Data-discriminate search engine updates
    1.
    发明授权
    Data-discriminate search engine updates 有权
    数据区分搜索引擎更新

    公开(公告)号:US08838571B2

    公开(公告)日:2014-09-16

    申请号:US12825301

    申请日:2010-06-28

    IPC分类号: G06F17/30

    CPC分类号: G06F17/30864

    摘要: Techniques are provided for data-discriminate search engine updates, where, in accordance with a first crawling session frequency associated with a first update type, a search engine index is updated by recording an update to a first set of data, where the update to the first set of data is of the first update type, and, in accordance with a second crawling session frequency associated with a second update type, the search engine index is updated by recording an update to a second set of data, where the update to the second set of data is of the second update type, where the first crawling session frequency is of a different frequency than the second crawling session frequency.
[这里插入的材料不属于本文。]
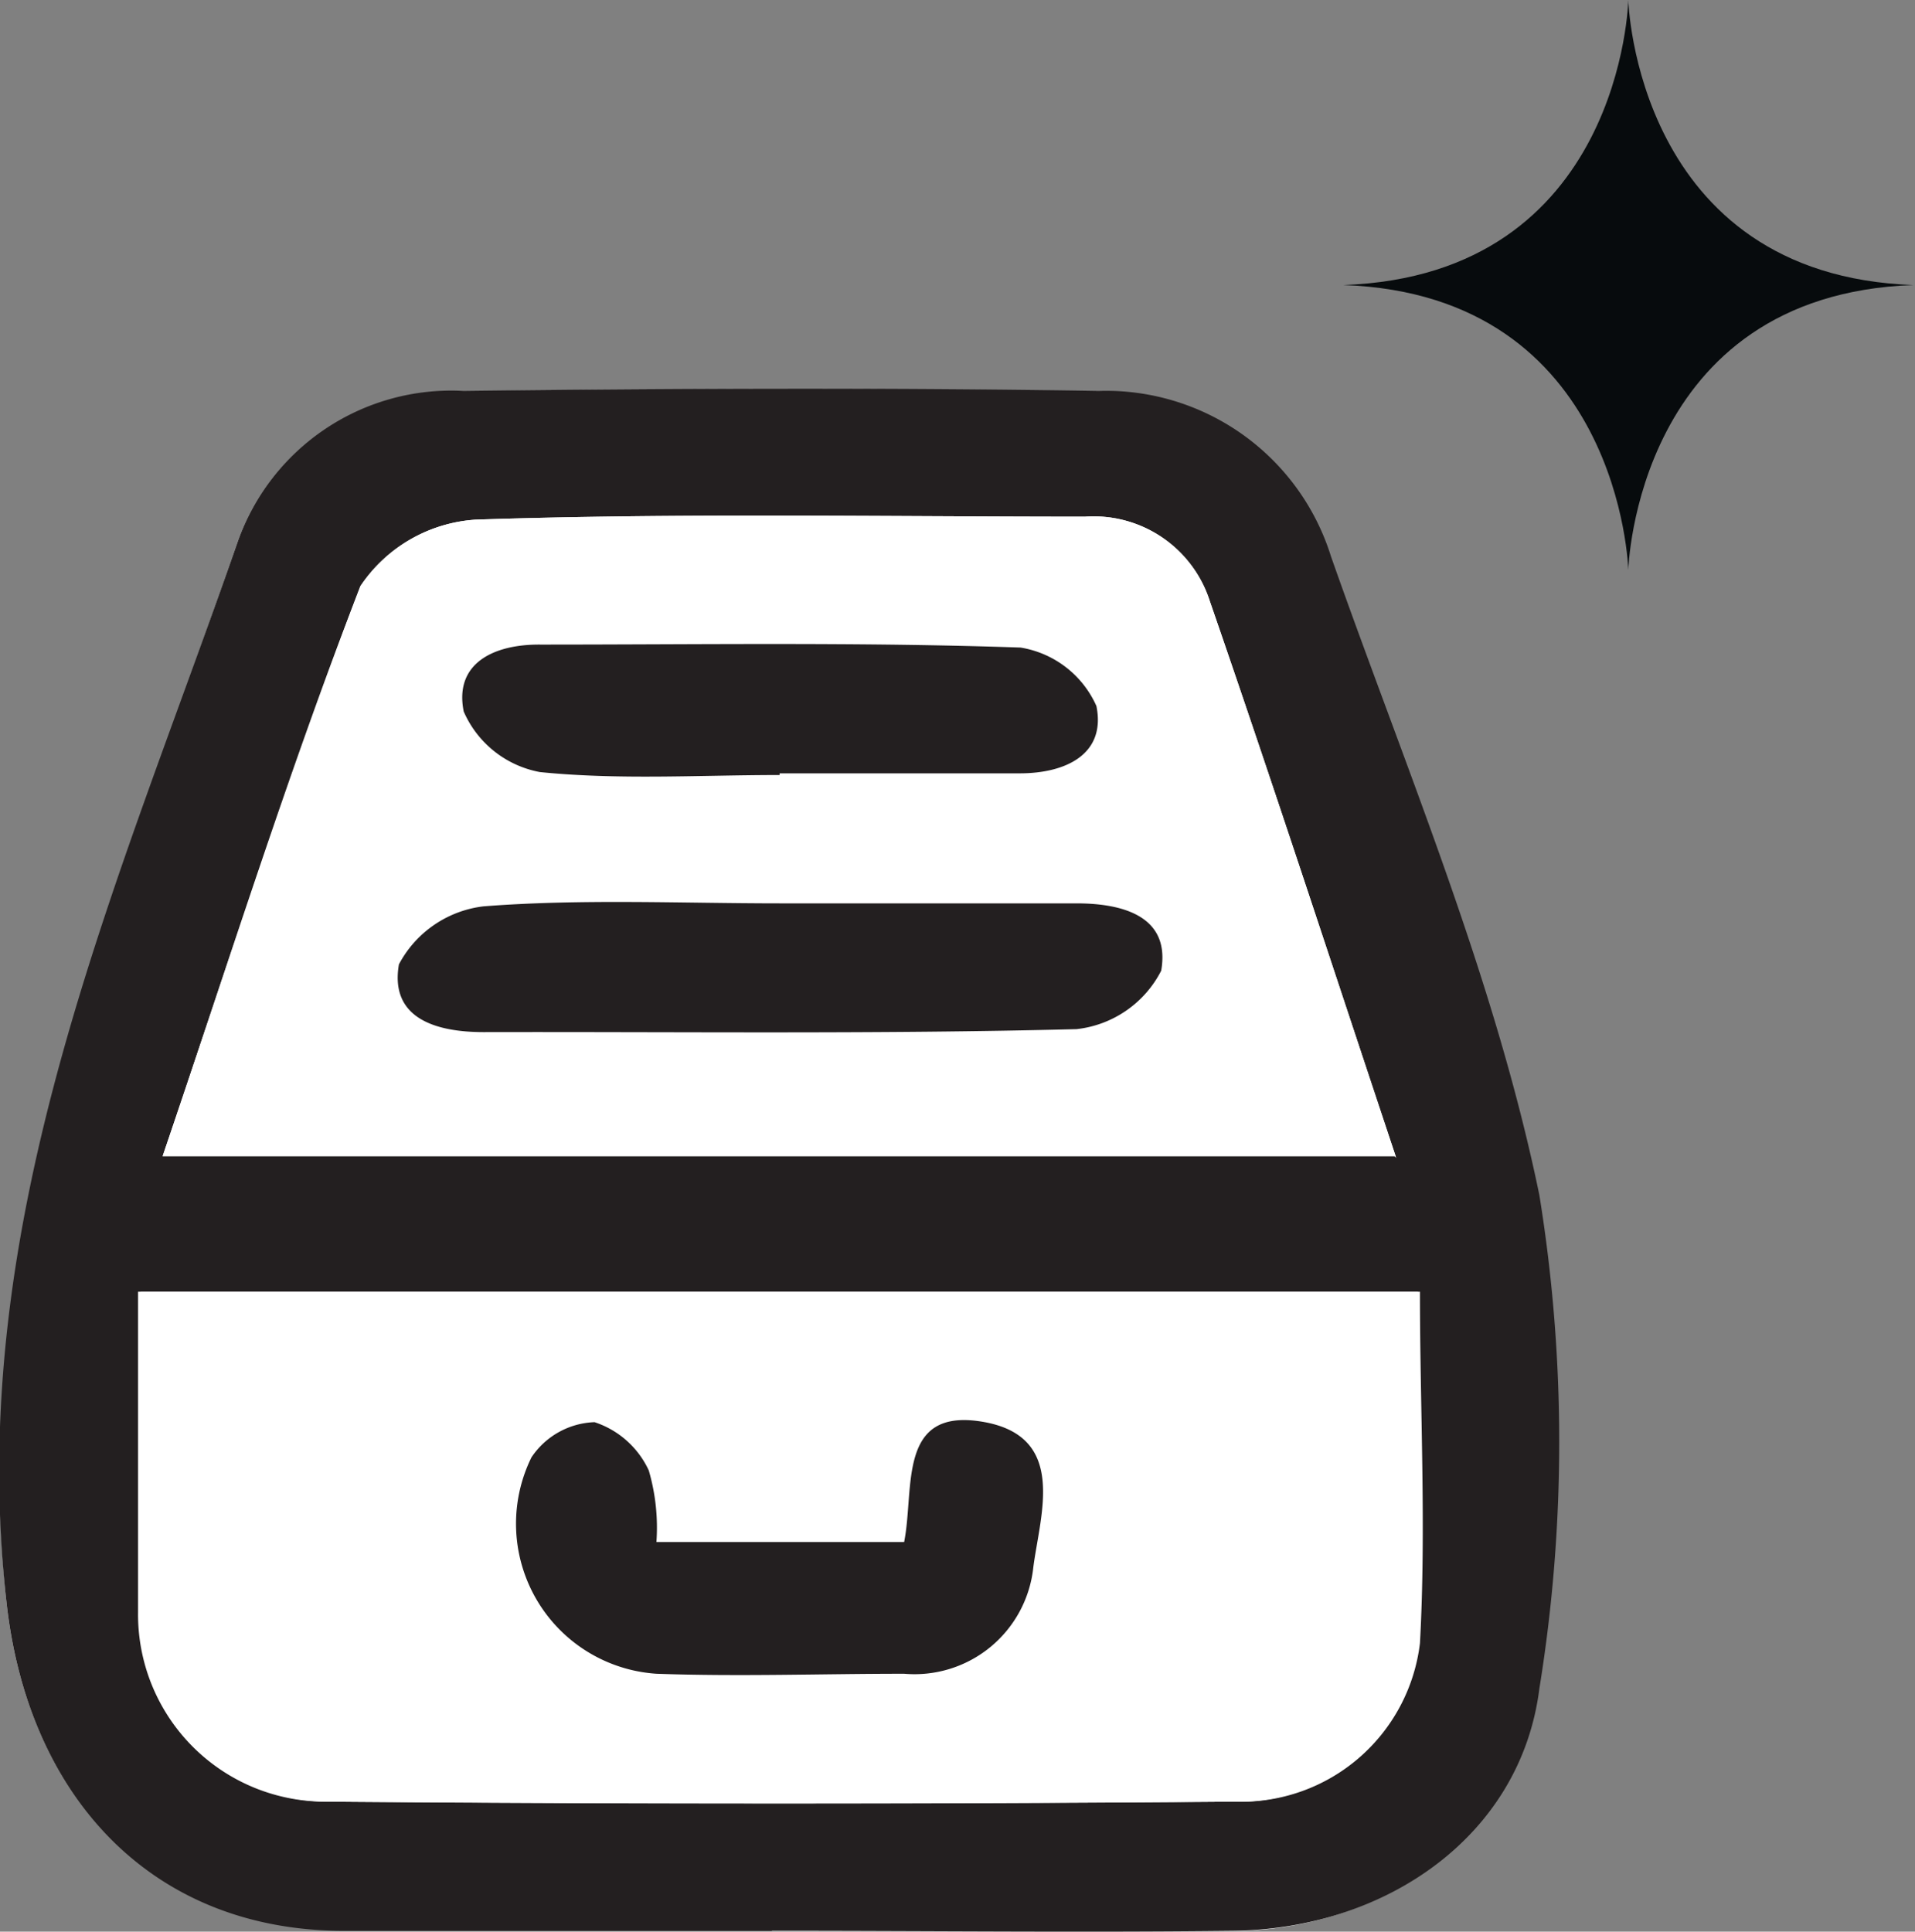 <svg id="Layer_1" data-name="Layer 1" xmlns="http://www.w3.org/2000/svg" viewBox="0 0 45.22 45.61"><rect x="0" y="0" width="45.22" height="45.61" fill="#808080" stroke="none"/><defs><style>.cls-1{fill:#fff;}.cls-2{fill:#231f20;}.cls-3{fill:#070b0d;}</style></defs><title>stayclean-draw</title><path class="cls-1" d="M18.51,50.8c3.6,0,7.2,0,10.79,0s6.8-2.23,7.24-5.72a36.43,36.43,0,0,0,0-11.65c-1.06-5.15-3.16-10.09-4.92-15.08a5.56,5.56,0,0,0-5.49-3.91c-5-.08-10-0.07-15,0A5.35,5.35,0,0,0,5.89,18C3.1,26.11-.52,34,0.43,43c0.47,4.48,3.32,7.72,7.85,7.76,3.41,0,6.82,0,10.22,0" transform="translate(-0.28 -5.2)"/><path class="cls-2" d="M33.25,32.54c-1.52-4.56-2.92-8.86-4.4-13.14a2.88,2.88,0,0,0-2.95-2c-4.8,0-9.6-.09-14.39.07a3.55,3.55,0,0,0-2.72,1.57c-1.7,4.38-3.11,8.87-4.67,13.46H33.25ZM3.54,35.7c0,0.58,0,.95,0,1.32,0,2.08,0,4.17,0,6.25A4.42,4.42,0,0,0,8,47.74q10.7,0.09,21.4,0A4.25,4.25,0,0,0,33.76,44c0.2-2.74,0-5.5,0-8.3H3.54Zm15,15.09c-3.41,0-6.82,0-10.22,0C3.76,50.75.91,47.51,0.43,43c-1-9,2.66-16.92,5.46-25a5.35,5.35,0,0,1,5.33-3.57c5-.06,10-0.08,15,0a5.57,5.57,0,0,1,5.49,3.91c1.76,5,3.86,9.93,4.92,15.08a36.43,36.43,0,0,1,0,11.65c-0.44,3.49-3.64,5.68-7.24,5.72s-7.19,0-10.79,0" transform="translate(-0.28 -5.2)"/><path class="cls-1" d="M15.76,41.61a4.82,4.82,0,0,0-.18-1.7,2.15,2.15,0,0,0-1.28-1.14,1.87,1.87,0,0,0-1.49.83,3.55,3.55,0,0,0,2.95,5.11c1.95,0.07,3.9,0,5.85,0a2.82,2.82,0,0,0,3.05-2.51c0.17-1.25.76-3.11-1.2-3.44s-1.6,1.57-1.85,2.84H15.76ZM3.54,35.7H33.81c0,2.8.15,5.56,0,8.3a4.25,4.25,0,0,1-4.35,3.74q-10.7.08-21.4,0a4.42,4.42,0,0,1-4.46-4.47c-0.07-2.08,0-4.17,0-6.25,0-.37,0-0.75,0-1.32" transform="translate(-0.28 -5.2)"/><path class="cls-1" d="M18.69,23.5h5.67c1.1,0,2-.45,1.81-1.59a2.38,2.38,0,0,0-1.79-1.38C20.6,20.4,16.82,20.47,13,20.47c-1.1,0-2,.45-1.81,1.58A2.45,2.45,0,0,0,13,23.43c1.87,0.19,3.77.07,5.66,0.07m0,3c-2.33,0-4.67-.11-7,0.07a2.62,2.62,0,0,0-2,1.37c-0.24,1.27.84,1.6,2,1.6,4.66,0,9.33.05,14-.07a2.56,2.56,0,0,0,2-1.38c0.24-1.27-.84-1.6-2-1.59-2.33,0-4.66,0-7,0m14.55,6H4.12c1.56-4.59,3-9.08,4.67-13.46a3.55,3.55,0,0,1,2.72-1.57c4.79-.16,9.59-0.07,14.39-0.07a2.88,2.88,0,0,1,2.95,2c1.48,4.28,2.88,8.58,4.4,13.14" transform="translate(-0.28 -5.2)"/><path class="cls-2" d="M15.76,41.61h5.87c0.25-1.26-.17-3.18,1.85-2.84s1.36,2.19,1.2,3.44a2.82,2.82,0,0,1-3.05,2.51c-1.95,0-3.9.07-5.85,0a3.55,3.55,0,0,1-2.95-5.11,1.87,1.87,0,0,1,1.49-.83,2.15,2.15,0,0,1,1.28,1.14,4.82,4.82,0,0,1,.18,1.7" transform="translate(-0.28 -5.2)"/><path class="cls-2" d="M18.7,26.53c2.33,0,4.66,0,7,0,1.14,0,2.22.33,2,1.59a2.56,2.56,0,0,1-2,1.38c-4.66.12-9.33,0.06-14,.07-1.14,0-2.22-.33-2-1.6a2.61,2.61,0,0,1,2-1.37c2.32-.18,4.66-0.07,7-0.07" transform="translate(-0.28 -5.2)"/><path class="cls-2" d="M18.69,23.5c-1.89,0-3.79.12-5.66-.07A2.45,2.45,0,0,1,11.23,22c-0.23-1.14.71-1.59,1.81-1.58,3.78,0,7.56-.06,11.34.07a2.38,2.38,0,0,1,1.79,1.38c0.23,1.13-.71,1.59-1.81,1.59H18.69" transform="translate(-0.28 -5.2)"/><path class="cls-3" d="M32,11.93c6.56,0.23,6.73,6.73,6.73,6.73s0.17-6.5,6.73-6.73c-6.56-.23-6.73-6.73-6.73-6.73S38.59,11.7,32,11.93" transform="translate(-0.28 -5.2)"/></svg>

    摘要翻译: 提供用于数据鉴别搜索引擎更新的技术,其中根据与第一更新类型相关联的第一爬行会话频率,通过将更新记录到第一组数据来更新搜索引擎索引,其中更新到 第一组数据是第一更新类型,并且根据与第二更新类型相关联的第二爬行会话频率,通过将更新记录到第二组数据来更新搜索引擎索引,其中更新为 第二组数据是第二更新类型,其中第一爬行会话频率具有与第二爬行会话频率不同的频率。

    Incremental crawling of multiple content providers using aggregation
    2.
    发明授权
    Incremental crawling of multiple content providers using aggregation 有权
    使用聚合增量爬取多个内容提供商

    公开(公告)号:US08799261B2

    公开(公告)日:2014-08-05

    申请号:US12343009

    申请日:2008-12-23

    IPC分类号: G06F7/00 G06F17/30

    CPC分类号: G06F17/30864

    摘要: A method for incremental crawling of content stored on a plurality of content providers using aggregation is provided. The method comprises receiving a request to crawl content on one or more associated content providers; retrieving one or more first references to content on a first content provider; retrieving one or more second references to content on one or more second content providers during the same request; aggregating the first and second references; and returning the aggregated first and second references. This is done while taking into consideration opaque timestamp object which is managed in a distributed manner. The opaque timestamp is filled in by the content providers but stored in the crawler side between crawling sessions.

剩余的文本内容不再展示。